If you intended to correct an error in the post then please contact us.

Recommended Posts

I'm running into an ugly artifact with my SSAO where when geometry against the skybox is being occluded by the skybox and vice versa, I was able to fix the skybox being occluded by simply skipping the ssao calculation as soon as I know that the pixel is a skybox. I still have the problem with the skybox occluding my geometry creating an ugly dotted line, the skybox is black in the gbuffer and at depth 1.0 but after trying uselessly to skip sampling the skybox using a step function, I decided to ask here.

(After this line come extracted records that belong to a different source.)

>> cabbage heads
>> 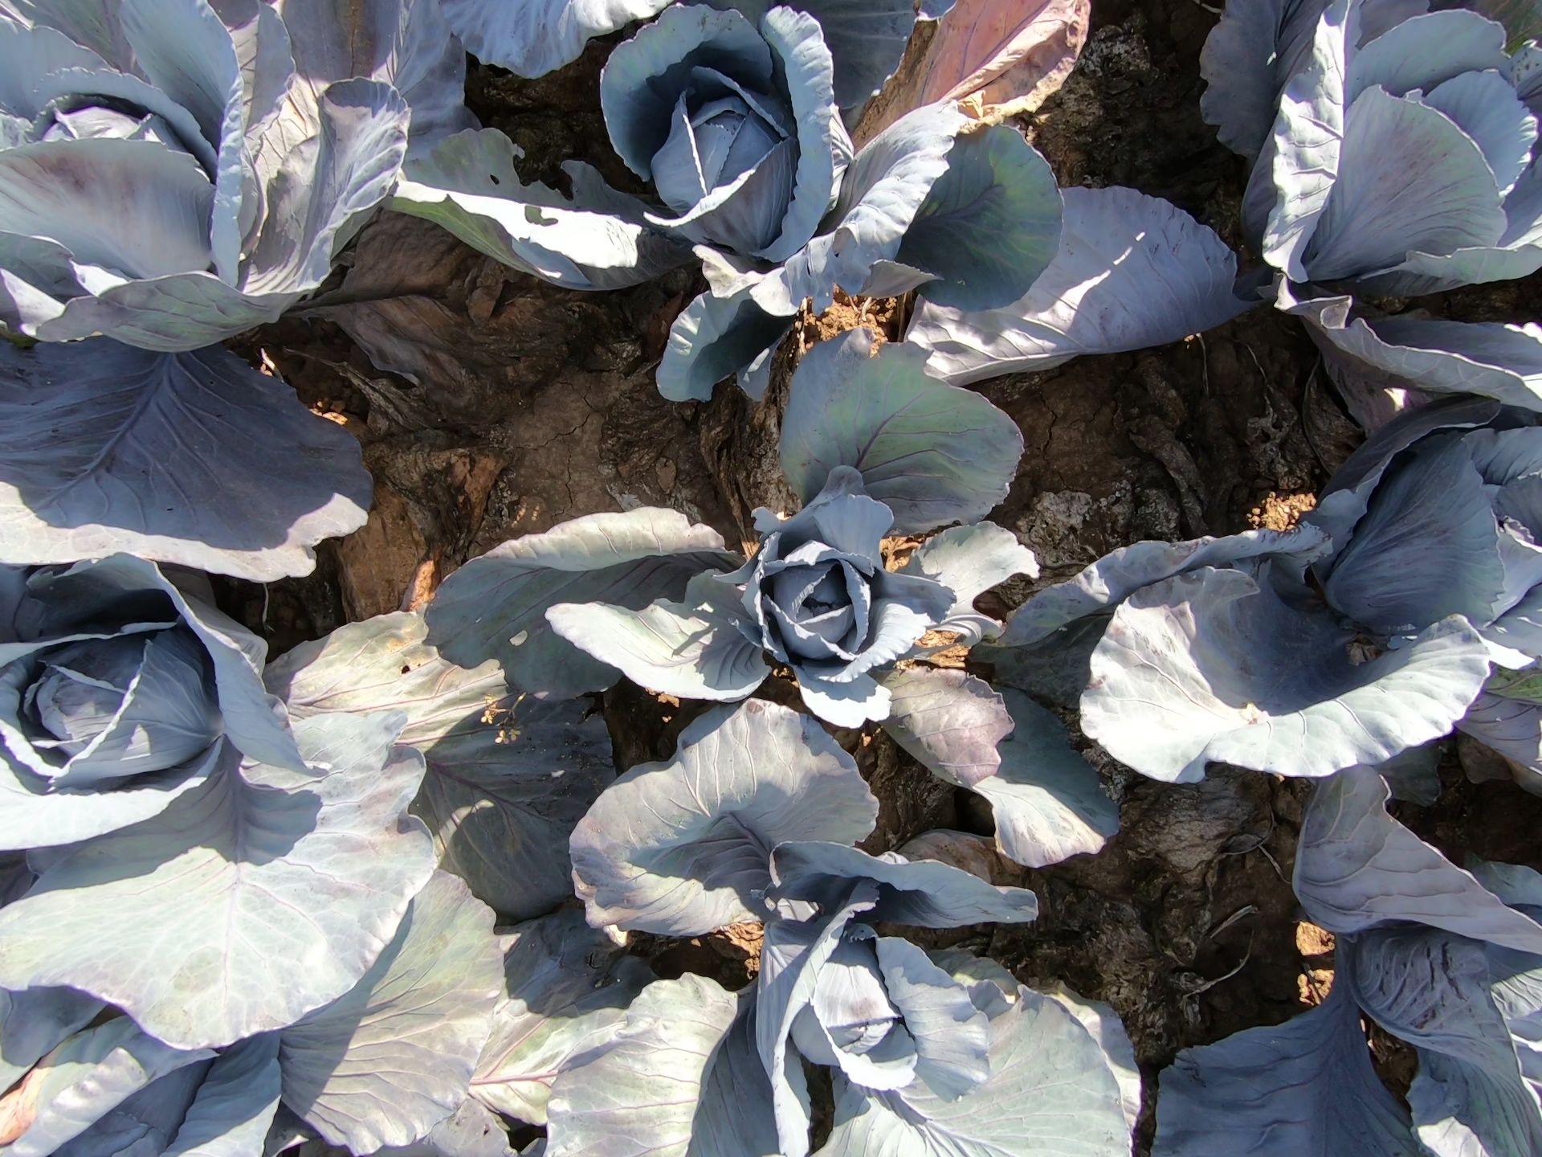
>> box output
[785,946,895,1061]
[35,631,201,762]
[37,103,202,241]
[6,1032,200,1157]
[1373,518,1532,640]
[675,97,794,224]
[1404,909,1539,1063]
[779,565,862,658]
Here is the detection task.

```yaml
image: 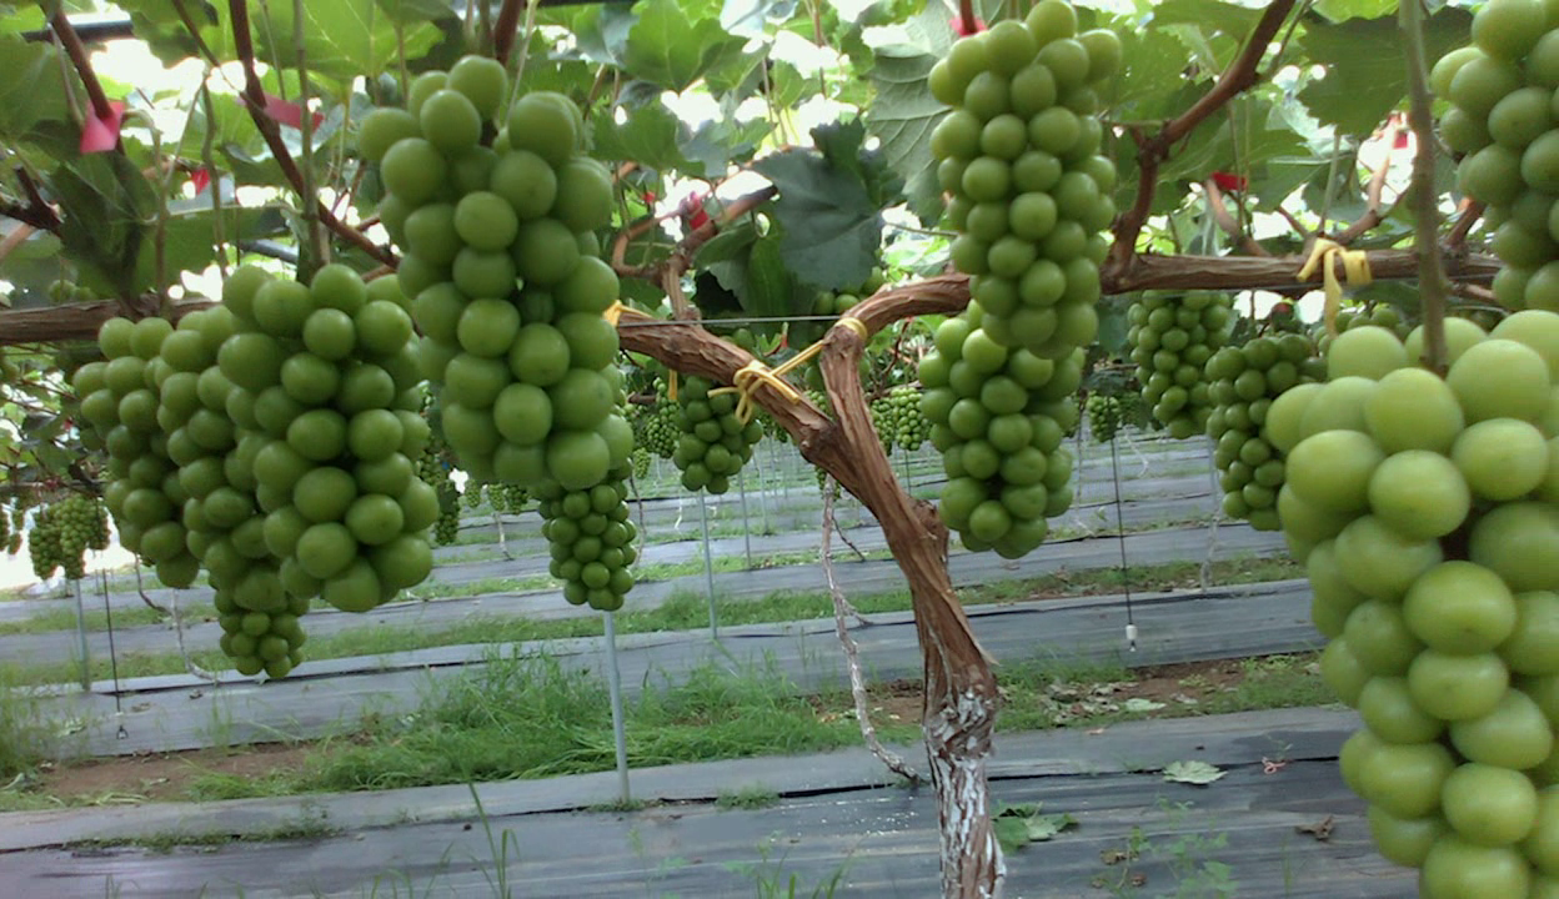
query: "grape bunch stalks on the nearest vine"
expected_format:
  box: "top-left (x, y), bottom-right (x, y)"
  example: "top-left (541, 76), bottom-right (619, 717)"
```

top-left (1008, 1), bottom-right (1018, 16)
top-left (129, 109), bottom-right (169, 313)
top-left (476, 1), bottom-right (496, 56)
top-left (201, 84), bottom-right (227, 276)
top-left (1397, 1), bottom-right (1449, 375)
top-left (294, 1), bottom-right (324, 268)
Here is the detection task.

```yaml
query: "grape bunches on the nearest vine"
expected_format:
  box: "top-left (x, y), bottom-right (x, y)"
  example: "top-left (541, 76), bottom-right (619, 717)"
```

Anyway here is my glsl shader code based heavily on code from here:



uniform sampler2D depth_texture;
uniform sampler2D color_texture;
uniform sampler2D normal_texture;
uniform float scr_w;
uniform float scr_h;

uniform vec3 pSphere[10] = vec3[]( vec3(-0.010735935, 0.01647018, 0.0062425877),
vec3(-0.06533369, 0.3647007, -0.13746321),
vec3(-0.6539235, -0.016726388, -0.53000957),
vec3(0.40958285, 0.0052428036, -0.5591124),
vec3(-0.1465366, 0.09899267, 0.15571679),
vec3(-0.44122112, -0.5458797, 0.04912532),
vec3(0.03755566, -0.10961345, -0.33040273),
vec3(0.019100213, 0.29652783, 0.066237666),
vec3(0.8765323, 0.011236004, 0.28265962),
vec3(0.29264435, -0.40794238, 0.15964167));
varying vec2 vTexCoord;
#define STRENGTH 0.09
#define FALLOFF 0.0 //0.00002
#define RAD 0.006
#define SAMPLES 10
#define INVSAMPLES 1.0/SAMPLES
vec4 height_normal(in vec2 texcoord)
{
vec4 normaltexel;
normaltexel.rgb = (texture2D(normal_texture, texcoord).xyz * 2.0) - vec3(1.0);
normaltexel.a = texture2D(depth_texture, texcoord).x;

return normaltexel;
}
void main(void)
{
// get a random normal
vec3 fres = normalize((texture2D(color_texture, vTexCoord * (scr_w / 64)).xyz * 2.0) - vec3(1.0));

//grab depth and a normal vector
vec4 currentPixelSample = height_normal(vTexCoord);

vec3 samplepos = vec3(vTexCoord.xy, currentPixelSample.a);

float blacklevel = 0.0;

float depthDiff;
vec4 occluderFragment;
vec3 ray;

if(length(currentPixelSample.xyz) <= 1.0) //dont calculate ssao because the pixel is in skybox
{
for(int i = 0; i < SAMPLES; ++i)
{
// trace a ray from a random normal to a random position
ray = (RAD / samplepos.z) * reflect(pSphere, fres);

occluderFragment = height_normal(samplepos.xy + (sign(dot(ray, currentPixelSample.xyz)) * ray.xy)); //get the position of the occluder

depthDiff = samplepos.z - occluderFragment.a;

blacklevel += step(FALLOFF, depthDiff) * (1.0 - dot(currentPixelSample.xyz, occluderFragment.xyz)) * (1.0 - smoothstep(FALLOFF, STRENGTH, depthDiff));
}
}

// output the result
gl_FragColor = vec4(vec3(1.0 - (blacklevel * INVSAMPLES)), 1.0);

}


attached is a picture of my problem the the offending pixels circled. Anyone know how to fix this?

Share this post


Link to post
Share on other sites
Advertisement
if the skybox is exactly at 1.0 (zfar) by writing gl_FragDepth = 1.0 in the atmosphere shader,
you can avoid it by using a branch: if (depth < 0.99) { do stuff }
It will reduce performance of your SSAO shader, but i think it will work :)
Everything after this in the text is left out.